Turkey Day

I came across this very short story I wrote several years ago, and I thought I would share. Sometimes the Thanksgiving dinner doesn’t go as planned. Things happen. Enjoy this fun story. Happy Thanksgiving to you and your family!

            I picked the biggest Butterball turkey in the store. This was my year hosting the family Thanksgiving meal, and I would put to rest the notion that I was a terrible cook. Okay, so I usually order takeout, but that doesn’t mean I have zero culinary skills. Blame it on my busy life.

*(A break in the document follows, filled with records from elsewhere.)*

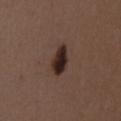biopsy status=imaged on a skin check; not biopsied | image=15 mm crop, total-body photography | tile lighting=white-light | image-analysis metrics=an eccentricity of roughly 0.85 and two-axis asymmetry of about 0.25; a mean CIELAB color near L≈25 a*≈16 b*≈19, roughly 15 lightness units darker than nearby skin, and a normalized border contrast of about 15; a within-lesion color-variation index near 4/10 and peripheral color asymmetry of about 1 | patient=female, approximately 50 years of age | location=the front of the torso.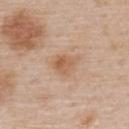notes: no biopsy performed (imaged during a skin exam); image source: ~15 mm crop, total-body skin-cancer survey; lesion diameter: ~3.5 mm (longest diameter); body site: the upper back; tile lighting: white-light illumination; patient: male, aged around 60.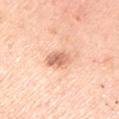• notes — no biopsy performed (imaged during a skin exam)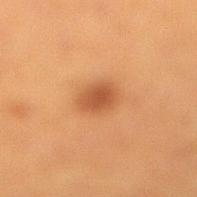A lesion tile, about 15 mm wide, cut from a 3D total-body photograph.
Measured at roughly 3 mm in maximum diameter.
The lesion is located on the right lower leg.
Automated image analysis of the tile measured an average lesion color of about L≈44 a*≈23 b*≈33 (CIELAB). The analysis additionally found a detector confidence of about 100 out of 100 that the crop contains a lesion.
A female patient, roughly 40 years of age.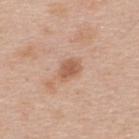Q: Was this lesion biopsied?
A: total-body-photography surveillance lesion; no biopsy
Q: What is the imaging modality?
A: ~15 mm tile from a whole-body skin photo
Q: What are the patient's age and sex?
A: male, approximately 35 years of age
Q: Illumination type?
A: white-light illumination
Q: What did automated image analysis measure?
A: internal color variation of about 1.5 on a 0–10 scale and peripheral color asymmetry of about 0.5
Q: What is the lesion's diameter?
A: about 3 mm
Q: Lesion location?
A: the upper back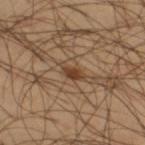The lesion was tiled from a total-body skin photograph and was not biopsied. The lesion is located on the right thigh. The patient is a male aged 43–47. The recorded lesion diameter is about 3 mm. A lesion tile, about 15 mm wide, cut from a 3D total-body photograph. The lesion-visualizer software estimated a footprint of about 3.5 mm² and two-axis asymmetry of about 0.3. The software also gave a lesion color around L≈40 a*≈17 b*≈30 in CIELAB. And it measured border irregularity of about 3.5 on a 0–10 scale, internal color variation of about 1.5 on a 0–10 scale, and peripheral color asymmetry of about 0.5. The analysis additionally found an automated nevus-likeness rating near 75 out of 100 and a lesion-detection confidence of about 100/100. Captured under cross-polarized illumination.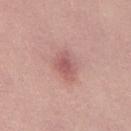The lesion was photographed on a routine skin check and not biopsied; there is no pathology result. The patient is a male aged 28 to 32. Imaged with white-light lighting. Cropped from a whole-body photographic skin survey; the tile spans about 15 mm. About 4 mm across.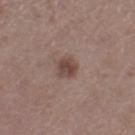Assessment:
Recorded during total-body skin imaging; not selected for excision or biopsy.
Acquisition and patient details:
A female patient, in their 50s. Automated image analysis of the tile measured an area of roughly 4.5 mm², a shape eccentricity near 0.6, and a symmetry-axis asymmetry near 0.25. The analysis additionally found a color-variation rating of about 3/10 and a peripheral color-asymmetry measure near 1. The software also gave a nevus-likeness score of about 70/100 and lesion-presence confidence of about 100/100. Measured at roughly 2.5 mm in maximum diameter. On the left thigh. Cropped from a whole-body photographic skin survey; the tile spans about 15 mm.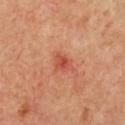| key | value |
|---|---|
| follow-up | catalogued during a skin exam; not biopsied |
| site | the chest |
| patient | female, aged around 40 |
| imaging modality | total-body-photography crop, ~15 mm field of view |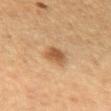This lesion was catalogued during total-body skin photography and was not selected for biopsy. The subject is a female aged around 40. The recorded lesion diameter is about 3 mm. Imaged with cross-polarized lighting. The lesion is located on the left forearm. A region of skin cropped from a whole-body photographic capture, roughly 15 mm wide. An algorithmic analysis of the crop reported a lesion area of about 6 mm² and an eccentricity of roughly 0.65. And it measured roughly 10 lightness units darker than nearby skin and a lesion-to-skin contrast of about 7.5 (normalized; higher = more distinct). The software also gave a border-irregularity index near 2/10, internal color variation of about 2.5 on a 0–10 scale, and a peripheral color-asymmetry measure near 1. The software also gave a classifier nevus-likeness of about 85/100 and a lesion-detection confidence of about 100/100.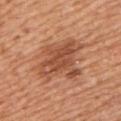{"biopsy_status": "not biopsied; imaged during a skin examination", "site": "left upper arm", "patient": {"sex": "male", "age_approx": 55}, "image": {"source": "total-body photography crop", "field_of_view_mm": 15}, "lesion_size": {"long_diameter_mm_approx": 6.0}, "automated_metrics": {"nevus_likeness_0_100": 75}}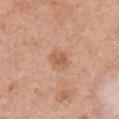Clinical impression: Captured during whole-body skin photography for melanoma surveillance; the lesion was not biopsied. Context: The lesion is on the chest. Captured under white-light illumination. Automated tile analysis of the lesion measured border irregularity of about 2 on a 0–10 scale, a color-variation rating of about 2/10, and a peripheral color-asymmetry measure near 0.5. It also reported a classifier nevus-likeness of about 20/100. Cropped from a whole-body photographic skin survey; the tile spans about 15 mm. The subject is a female aged 58 to 62. The lesion's longest dimension is about 2.5 mm.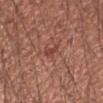biopsy status: imaged on a skin check; not biopsied
patient: male, aged 58 to 62
image: total-body-photography crop, ~15 mm field of view
TBP lesion metrics: a footprint of about 3 mm² and an eccentricity of roughly 0.9; a lesion color around L≈44 a*≈25 b*≈26 in CIELAB, about 7 CIELAB-L* units darker than the surrounding skin, and a lesion-to-skin contrast of about 6 (normalized; higher = more distinct)
size: ~3 mm (longest diameter)
illumination: white-light illumination
body site: the right forearm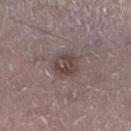Assessment:
Imaged during a routine full-body skin examination; the lesion was not biopsied and no histopathology is available.
Context:
A male subject aged approximately 45. About 3.5 mm across. Cropped from a total-body skin-imaging series; the visible field is about 15 mm. The lesion is located on the leg. Imaged with white-light lighting. An algorithmic analysis of the crop reported a lesion area of about 8.5 mm², an eccentricity of roughly 0.45, and two-axis asymmetry of about 0.15. The analysis additionally found a border-irregularity index near 1.5/10, a within-lesion color-variation index near 5/10, and radial color variation of about 2.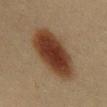{
  "biopsy_status": "not biopsied; imaged during a skin examination",
  "lesion_size": {
    "long_diameter_mm_approx": 8.0
  },
  "image": {
    "source": "total-body photography crop",
    "field_of_view_mm": 15
  },
  "lighting": "cross-polarized",
  "site": "mid back",
  "patient": {
    "sex": "female",
    "age_approx": 30
  }
}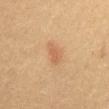Q: Was a biopsy performed?
A: total-body-photography surveillance lesion; no biopsy
Q: Illumination type?
A: cross-polarized illumination
Q: Who is the patient?
A: female, aged approximately 50
Q: How was this image acquired?
A: ~15 mm crop, total-body skin-cancer survey
Q: Lesion location?
A: the mid back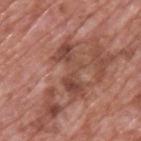  biopsy_status: not biopsied; imaged during a skin examination
  lighting: white-light
  image:
    source: total-body photography crop
    field_of_view_mm: 15
  site: upper back
  automated_metrics:
    cielab_L: 46
    cielab_a: 23
    cielab_b: 27
    vs_skin_darker_L: 10.0
    vs_skin_contrast_norm: 7.5
  patient:
    sex: male
    age_approx: 70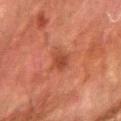Impression:
Recorded during total-body skin imaging; not selected for excision or biopsy.
Context:
The subject is a male aged 78 to 82. A 15 mm close-up extracted from a 3D total-body photography capture. Located on the right forearm. The total-body-photography lesion software estimated a footprint of about 4.5 mm² and a symmetry-axis asymmetry near 0.25. And it measured an average lesion color of about L≈36 a*≈24 b*≈28 (CIELAB). And it measured peripheral color asymmetry of about 0.5. And it measured a nevus-likeness score of about 5/100 and a detector confidence of about 100 out of 100 that the crop contains a lesion.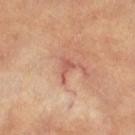Clinical impression:
The lesion was tiled from a total-body skin photograph and was not biopsied.
Image and clinical context:
The patient is aged approximately 60. A 15 mm crop from a total-body photograph taken for skin-cancer surveillance. From the right thigh.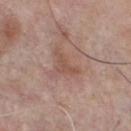Part of a total-body skin-imaging series; this lesion was reviewed on a skin check and was not flagged for biopsy.
Cropped from a total-body skin-imaging series; the visible field is about 15 mm.
The lesion is on the chest.
The patient is a male in their mid- to late 50s.
The recorded lesion diameter is about 3.5 mm.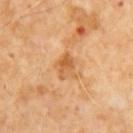Recorded during total-body skin imaging; not selected for excision or biopsy.
A 15 mm crop from a total-body photograph taken for skin-cancer surveillance.
The subject is a male about 65 years old.
The tile uses cross-polarized illumination.
Approximately 3.5 mm at its widest.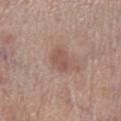Impression:
Imaged during a routine full-body skin examination; the lesion was not biopsied and no histopathology is available.
Context:
The tile uses white-light illumination. Cropped from a total-body skin-imaging series; the visible field is about 15 mm. The recorded lesion diameter is about 3 mm. A male subject, aged 68 to 72. On the left lower leg.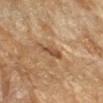Case summary:
• workup · imaged on a skin check; not biopsied
• acquisition · total-body-photography crop, ~15 mm field of view
• patient · female, about 70 years old
• anatomic site · the right forearm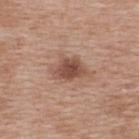Case summary:
* workup · no biopsy performed (imaged during a skin exam)
* image source · ~15 mm crop, total-body skin-cancer survey
* location · the upper back
* subject · female, in their 40s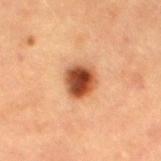notes = catalogued during a skin exam; not biopsied
illumination = cross-polarized illumination
patient = male, aged 83 or over
image = total-body-photography crop, ~15 mm field of view
site = the leg
diameter = ≈3.5 mm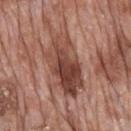Q: Is there a histopathology result?
A: catalogued during a skin exam; not biopsied
Q: What did automated image analysis measure?
A: a mean CIELAB color near L≈45 a*≈23 b*≈26, a lesion–skin lightness drop of about 12, and a normalized lesion–skin contrast near 9
Q: Lesion location?
A: the mid back
Q: How large is the lesion?
A: ~7.5 mm (longest diameter)
Q: How was this image acquired?
A: total-body-photography crop, ~15 mm field of view
Q: Who is the patient?
A: male, aged 68 to 72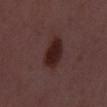Image and clinical context:
Captured under white-light illumination. The recorded lesion diameter is about 4.5 mm. The lesion-visualizer software estimated a border-irregularity rating of about 2/10 and peripheral color asymmetry of about 1. It also reported an automated nevus-likeness rating near 95 out of 100 and a lesion-detection confidence of about 100/100. The subject is a male in their 50s. This image is a 15 mm lesion crop taken from a total-body photograph.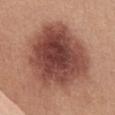No biopsy was performed on this lesion — it was imaged during a full skin examination and was not determined to be concerning. Located on the chest. Captured under white-light illumination. A 15 mm close-up extracted from a 3D total-body photography capture. A female patient, about 45 years old.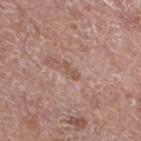biopsy status: total-body-photography surveillance lesion; no biopsy
diameter: ≈2.5 mm
automated lesion analysis: border irregularity of about 5 on a 0–10 scale, a within-lesion color-variation index near 0/10, and peripheral color asymmetry of about 0; a classifier nevus-likeness of about 0/100 and a detector confidence of about 95 out of 100 that the crop contains a lesion
acquisition: ~15 mm crop, total-body skin-cancer survey
anatomic site: the right lower leg
tile lighting: white-light
subject: male, about 60 years old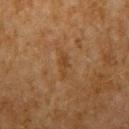  biopsy_status: not biopsied; imaged during a skin examination
  automated_metrics:
    cielab_L: 33
    cielab_a: 17
    cielab_b: 30
    vs_skin_darker_L: 5.0
    color_variation_0_10: 0.0
    nevus_likeness_0_100: 0
    lesion_detection_confidence_0_100: 95
  patient:
    sex: male
    age_approx: 65
  image:
    source: total-body photography crop
    field_of_view_mm: 15
  lesion_size:
    long_diameter_mm_approx: 3.0
  lighting: cross-polarized
  site: arm

            Before I go any further, let me assure you there is no husband deprived of a home-cooked meal. No kids either. Just me and my two dogs, a German shepherd named Rowdy and a canine the size of a small pony of questionable lineage named Cheeto, after my favorite snack.  

            So how many were coming for dinner? My latest headcount sat at fourteen—give or take one, depending on whether my niece Brittany decided to bring her boyfriend. They’d had a fight, and as far as I knew, they hadn’t made up. I had my fingers crossed it would last through Turkey Day. Jason, with a perpetual frown, resembled a stick figure with wild hair. I’d only heard him speak once, but it wasn’t even a full sentence. I still have no idea what he said.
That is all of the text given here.